‘Six Days in Spring’ San Sebastian Review: Family Secrets in the Sunlight

‘Six Days in Spring’ San Sebastian Review: Family Secrets in the Sunlight

A mother, her twins, and a risky secret holiday form the heart of Joachim Lafosse’s new drama. ‘Six Days in Spring’ turns a seaside escape into a tense story of family fractures and fragile bonds.

Nobody likes having to cancel a vacation, least of all when it has been promised to children. That is the situation facing Sana, a woman whose plans to take her twin children on holiday collapse due to lack of money and poor planning. Yet Sana refuses to disappoint them or to drag the children back home, so she makes a risky choice—one that becomes the narrative core of the new film from Belgian director Joachim Lafosse.

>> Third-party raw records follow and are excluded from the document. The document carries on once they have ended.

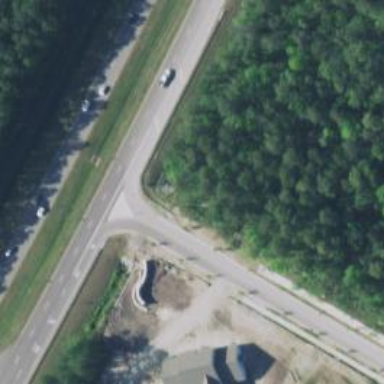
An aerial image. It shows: Trunk link highway.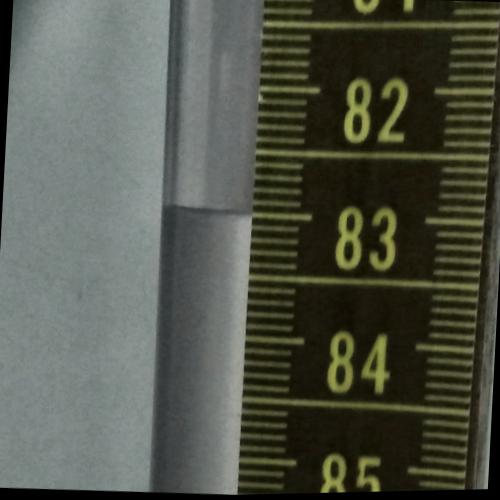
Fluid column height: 83.0 cm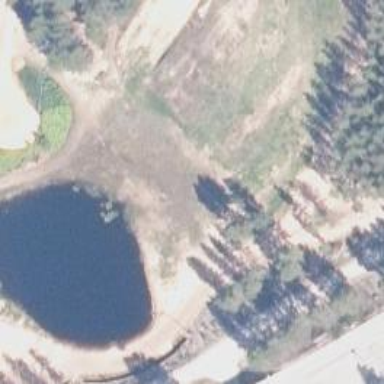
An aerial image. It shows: Disc golf hole.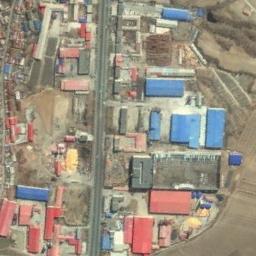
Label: industrial_area
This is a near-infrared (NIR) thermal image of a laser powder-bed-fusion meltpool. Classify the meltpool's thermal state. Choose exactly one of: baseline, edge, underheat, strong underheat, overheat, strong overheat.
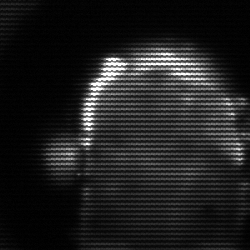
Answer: baseline
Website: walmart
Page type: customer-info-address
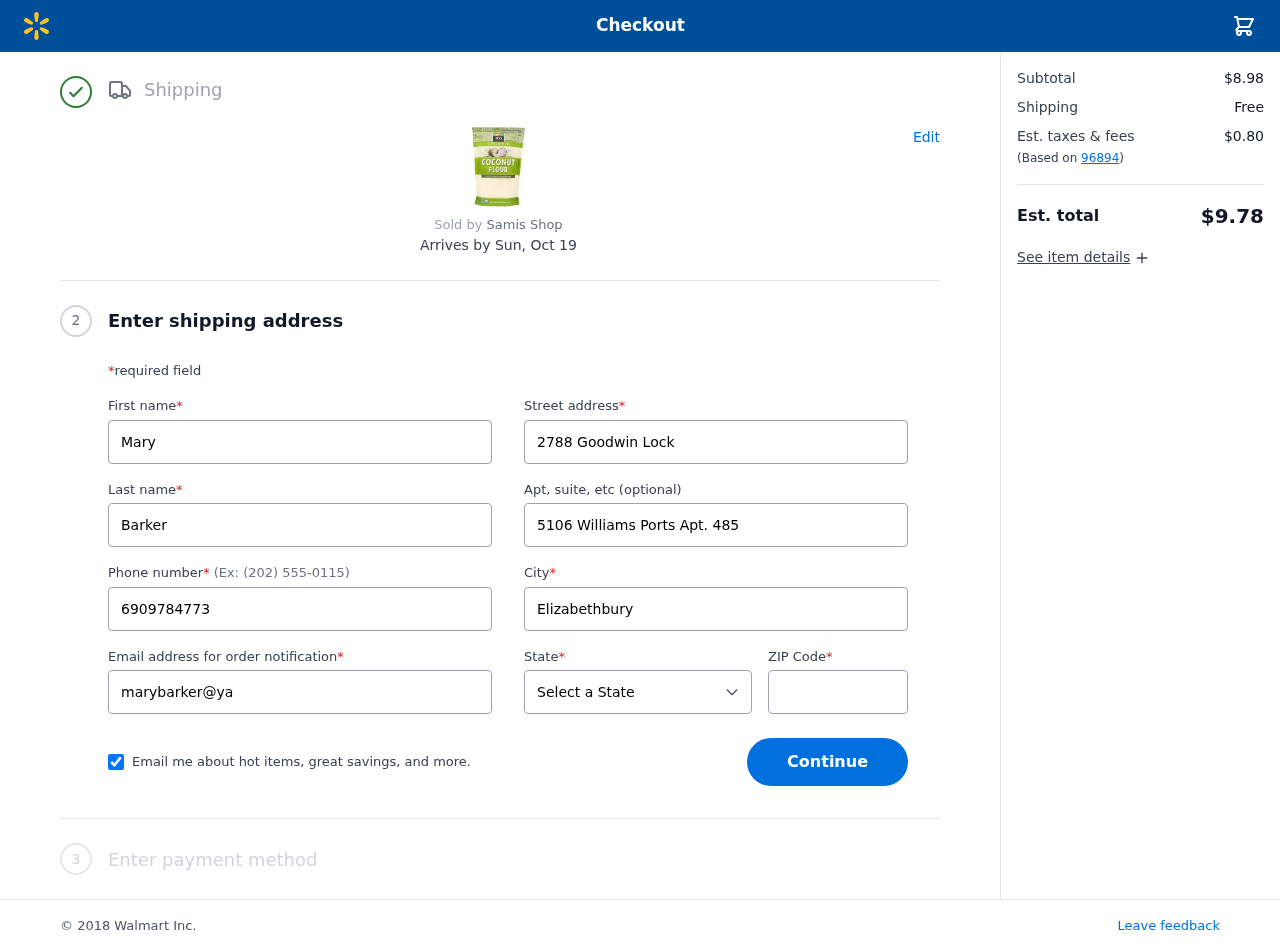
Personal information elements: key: PII_CITY
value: Elizabethbury
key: PII_EMAIL
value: marybarker@yahoo.com
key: PII_FIRSTNAME
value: Mary
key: PII_LASTNAME
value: Barker
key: PII_PHONE
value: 6909784773
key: PII_POSTCODE
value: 96894
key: PII_STATE
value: Florida
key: PII_STREET
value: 2788 Goodwin Lock
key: PII_STREET2
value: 5106 Williams Ports Apt. 485
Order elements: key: ORDER_DELIVERY_DATE
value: Sun, Oct 19
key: ORDER_SUBTOTAL
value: $8.98
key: ORDER_SHIPPING_COST
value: Free
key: ORDER_TAX
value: $0.80
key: ORDER_TOTAL
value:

Separated from her husband, Sana (Eye Haïdara) is left scrambling for an alternative. The twins propose a solution: why not spend the holidays at the luxurious villa their paternal grandparents own on the French Riviera? For Sana, the idea is fraught with doubts. Is it appropriate for her to go there now that she is divorced? Should she inform her ex-husband or, perhaps more prudently, avoid telling him altogether? What she decides is both daring and evasive: she will take the children, along with a “friend” (Jules Waringo), to the villa—but secretly, without letting anyone notice they are staying there.

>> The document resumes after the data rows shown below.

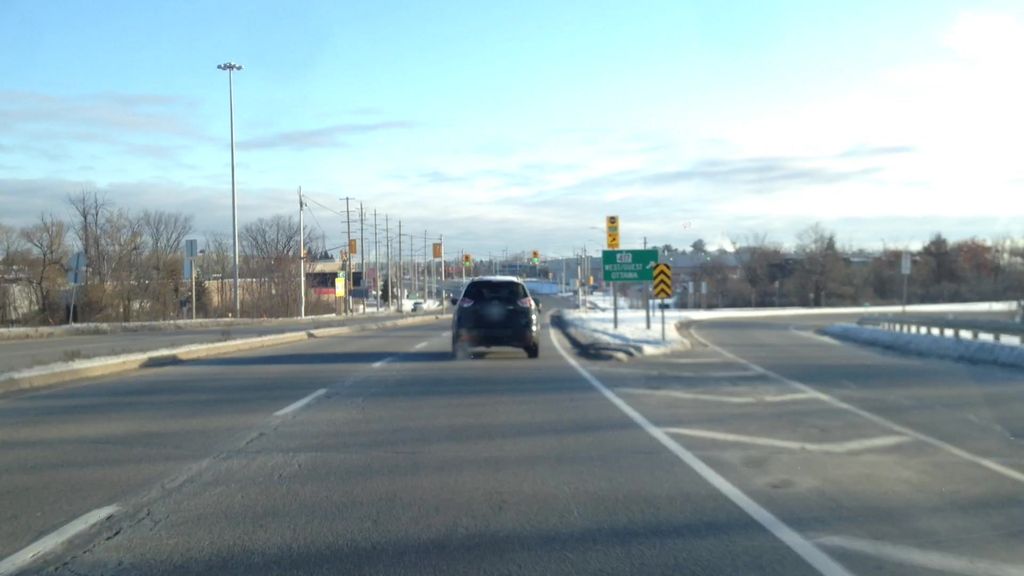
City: ottawa-gatineau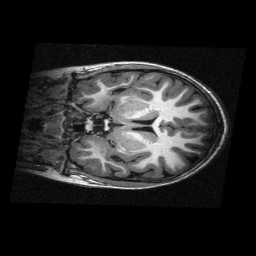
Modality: T1w
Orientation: coronal
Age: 14
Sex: male
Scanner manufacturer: siemens
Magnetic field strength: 3 T
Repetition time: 2.3 s
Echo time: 0.00336 s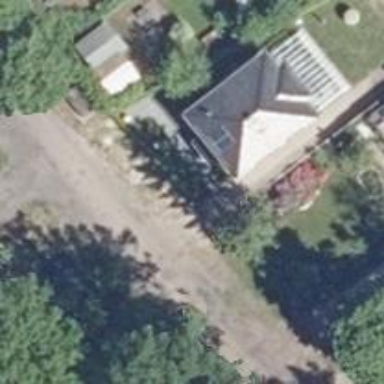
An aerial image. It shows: Detached building.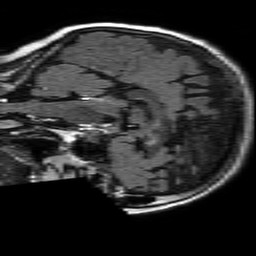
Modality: FLAIR
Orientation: sagittal
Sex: female
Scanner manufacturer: philips
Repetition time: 11 s
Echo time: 0.125 s
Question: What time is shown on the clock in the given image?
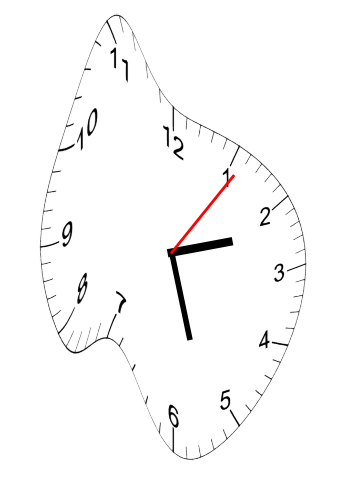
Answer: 02:27:06
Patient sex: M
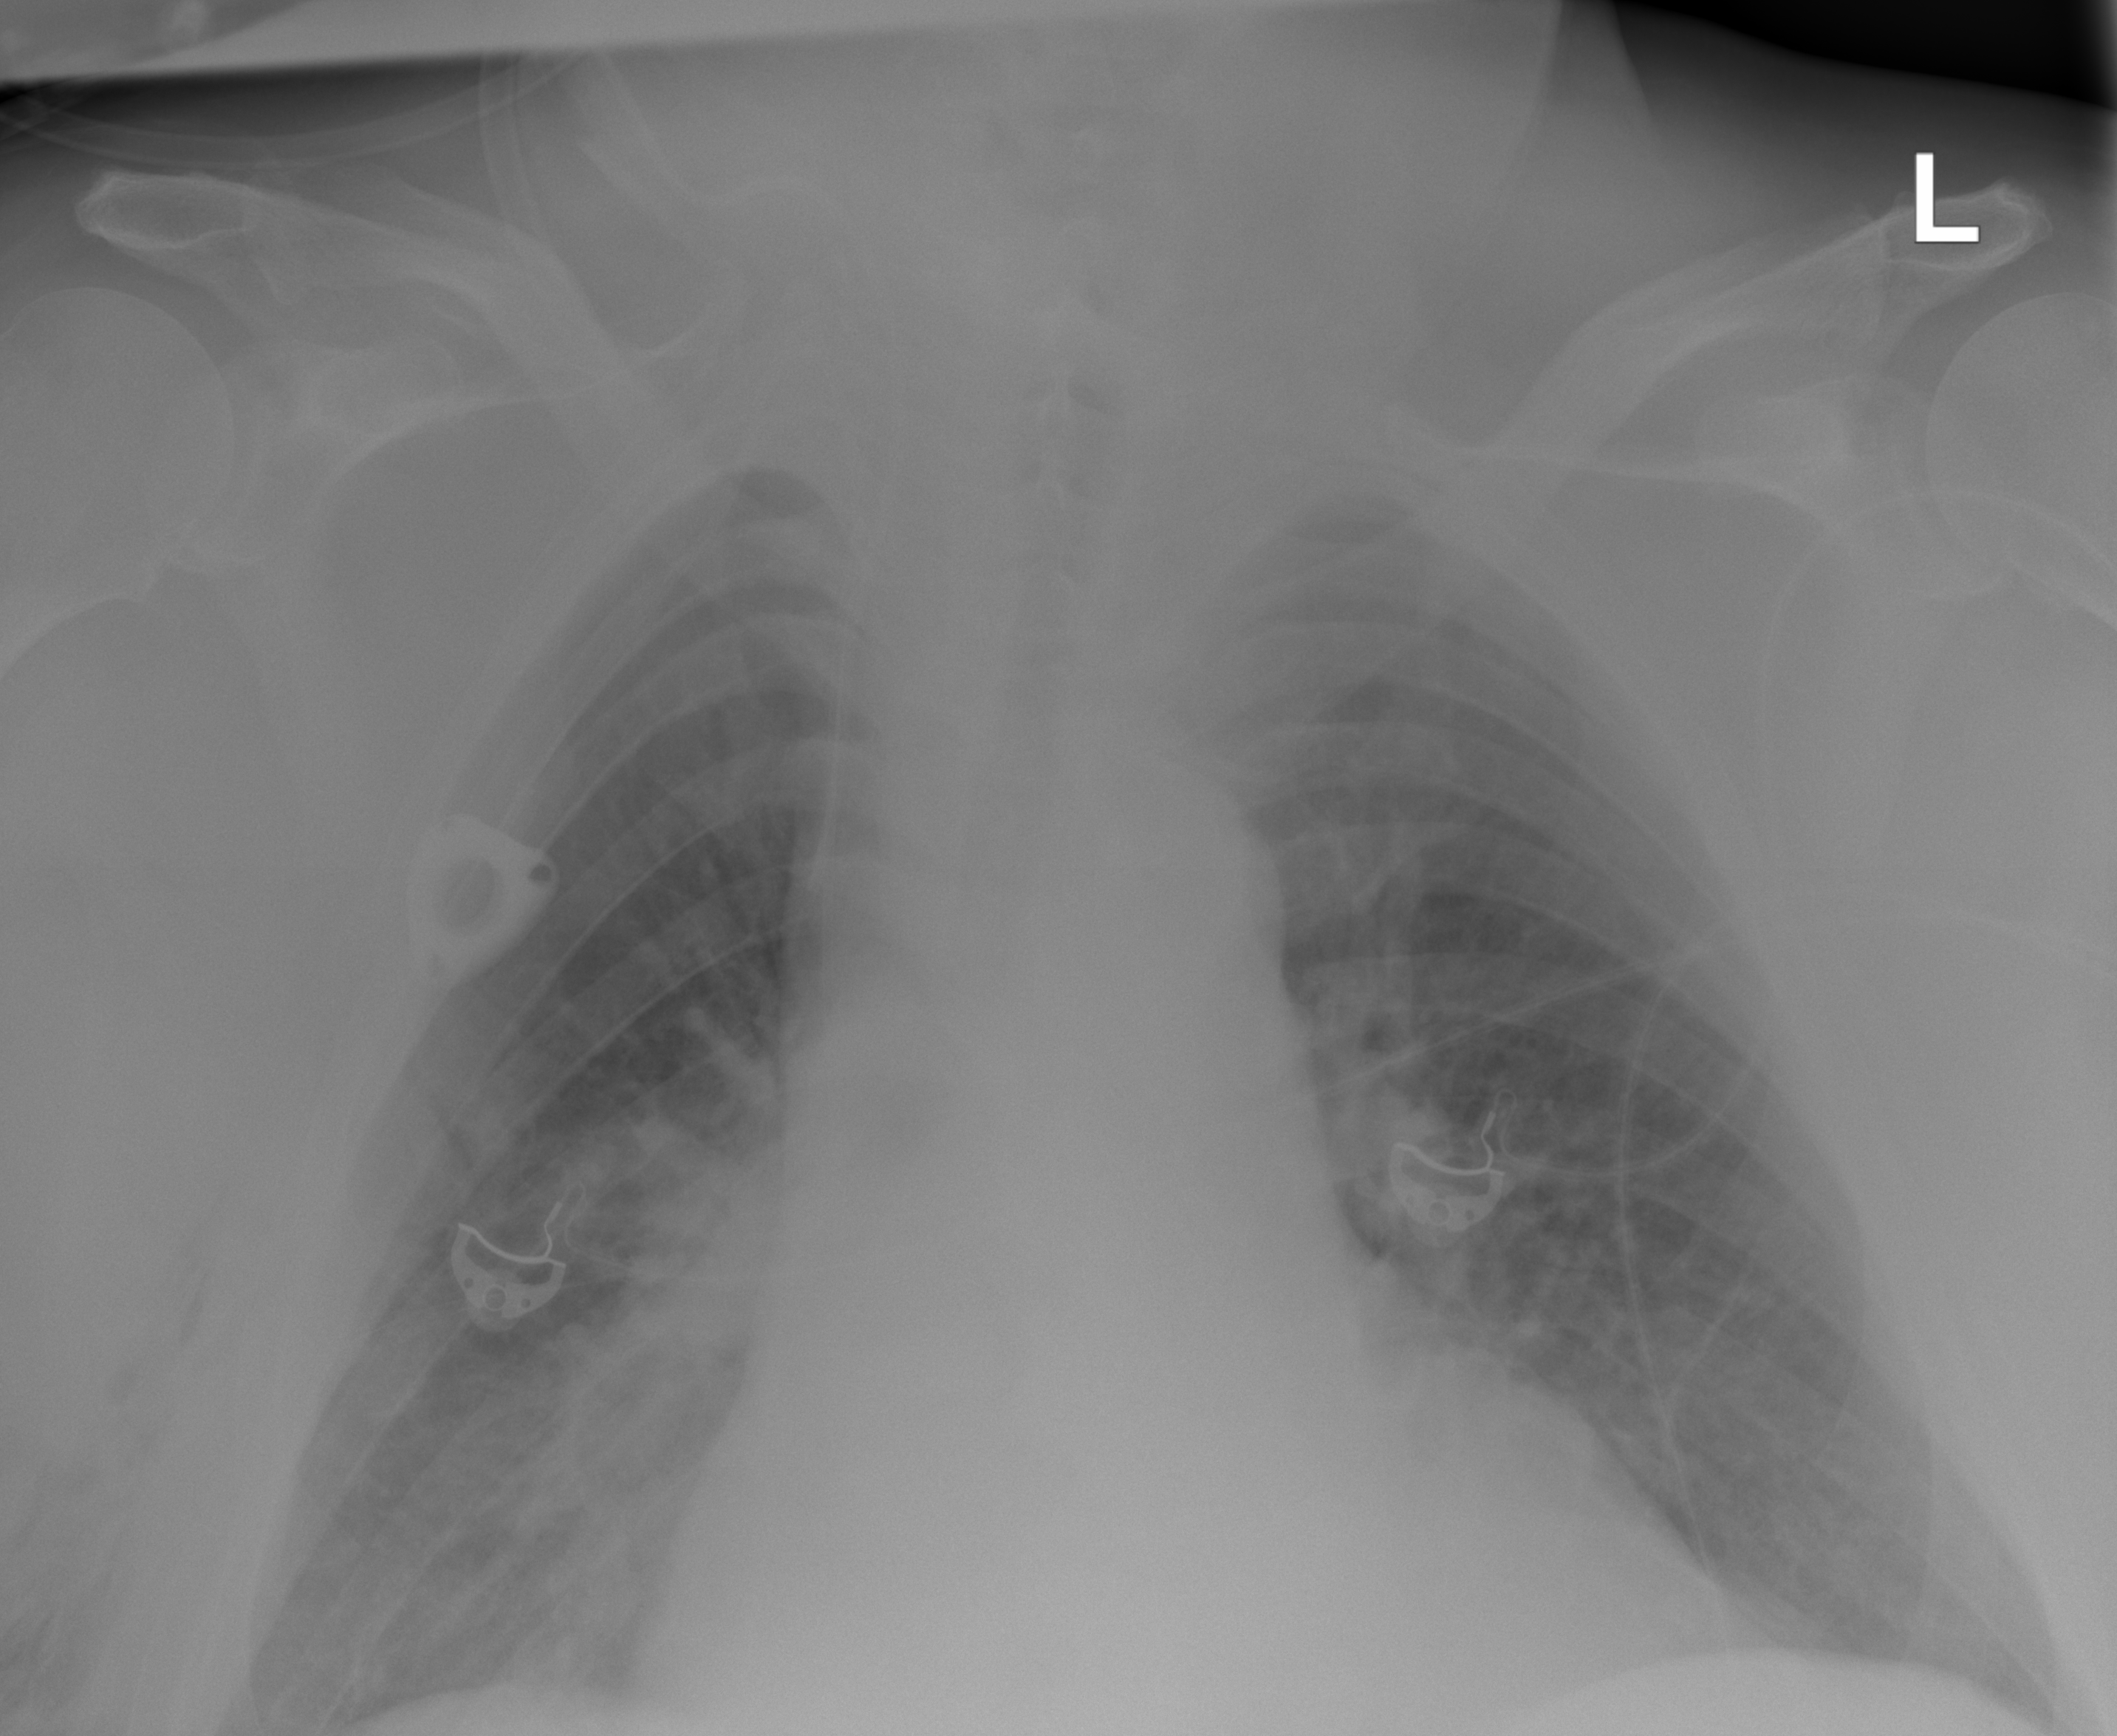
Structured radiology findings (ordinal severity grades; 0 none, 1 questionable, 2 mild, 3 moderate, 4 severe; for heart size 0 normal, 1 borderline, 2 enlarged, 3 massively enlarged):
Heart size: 2
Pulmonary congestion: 2
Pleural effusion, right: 0
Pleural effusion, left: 0
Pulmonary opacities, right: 2
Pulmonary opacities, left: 2
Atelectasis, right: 0
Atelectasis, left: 0

This decision demands a certain discretion. No loud noises, few lights on at night, a general air of invisibility. At first, the plan works surprisingly well. The twins swim in the sea, play on the beach, and enjoy what seems to be the dream vacation. And when the family crosses paths with acquaintances, the encounters pass smoothly: everyone knows them, so their presence in the house goes unquestioned. For a while, the summer idyll holds.

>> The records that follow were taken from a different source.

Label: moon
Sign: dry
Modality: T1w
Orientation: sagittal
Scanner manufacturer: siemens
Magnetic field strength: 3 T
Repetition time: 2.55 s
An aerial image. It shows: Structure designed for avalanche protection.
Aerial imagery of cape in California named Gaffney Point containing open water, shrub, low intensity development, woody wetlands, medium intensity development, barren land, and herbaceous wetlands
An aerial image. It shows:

But inevitably, cracks appear. The children push the limits of discretion, a prickly neighbor (played with characteristic intensity by Damien Bonnard) begins to ask questions, and the secret holiday starts to feel less like an escape and more like an intrusion. The atmosphere shifts, gently but unmistakably, from lighthearted to uneasy.

The deeper tension, however, lies within the family itself. The twins are still struggling to fully accept their parents’ separation, and one of them soon realizes that “mom’s friend” is not merely a friend. That discovery unsettles their fragile equilibrium and opens new wounds. Between the pressures of being discovered in the villa and the slow unraveling of family secrets, Six Days in Spring transforms from a serene getaway in a paradise setting into a fragile coming-of-age tale, one that signals—especially for the children—the end of a certain innocence.

Lafosse, the director of Our Children, A Silence, and The Restless (which premiered in competition at Cannes in 2021), has established himself as a specialist in tense family dramas, stories that combine intimacy with undercurrents of unease and suspense. Six Days in Spring may be a smaller, quieter film than some of his earlier works, but the thematic core is unmistakably his. Once again, he probes the difficult negotiations of love, separation, and trust, and continues to explore the many ways—sometimes fragile, sometimes improvised—in which families can be built.